Hyperbolic embedding of brain networks detects regions disrupted by neurodegeneration in Alzheimer's disease.

Abstract

Graph-theoretical methods have proven valuable for investigating alterations in both anatomical and functional brain connectivity networks during Alzheimer's disease (AD). Recent studies suggest that representing brain networks in a suitable geometric space can better capture their connectivity structure. This study introduces a novel approach to characterize brain connectivity changes using low-dimensional, informative representations of networks in a latent geometric space. Specifically, the networks are embedded in a polar representation of the hyperbolic plane, the hyperbolic disk.

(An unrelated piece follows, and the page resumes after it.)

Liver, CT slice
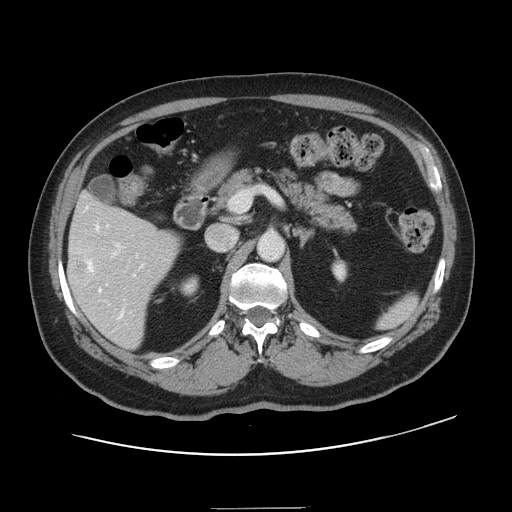
The vessel boxes may cover only some of the vessels.
Findings:
• hepatic vessel: {"x1": 116, "y1": 244, "x2": 121, "y2": 248}, {"x1": 113, "y1": 252, "x2": 116, "y2": 255}, {"x1": 98, "y1": 288, "x2": 100, "y2": 291}, {"x1": 140, "y1": 265, "x2": 142, "y2": 267}, {"x1": 87, "y1": 260, "x2": 92, "y2": 271}, {"x1": 86, "y1": 206, "x2": 87, "y2": 208}, {"x1": 133, "y1": 274, "x2": 134, "y2": 275}, {"x1": 118, "y1": 310, "x2": 122, "y2": 318}, {"x1": 96, "y1": 225, "x2": 98, "y2": 231}

Here, we used a geometric score, entirely based on the computation of distances between nodes in the latent space, to measure the effect of a perturbation on the nodes. Precisely, the score is a local measure of distortion in the geometric neighborhood of a node following a perturbation. The method is applied to a brain network dataset of patients with AD and healthy participants, derived from diffusion-weighted (DWI) and functional magnetic resonance (fMRI) imaging scans. We show that, compared with standard graph measures, our method more accurately identifies the brain regions most affected by neurodegeneration. Notably, the abnormalities detected in memory-related and frontal areas are robust across multiple brain parcellation scales. Finally, our findings suggest that the geometric perturbation score could serve as a potential biomarker for characterizing the progression of the disease.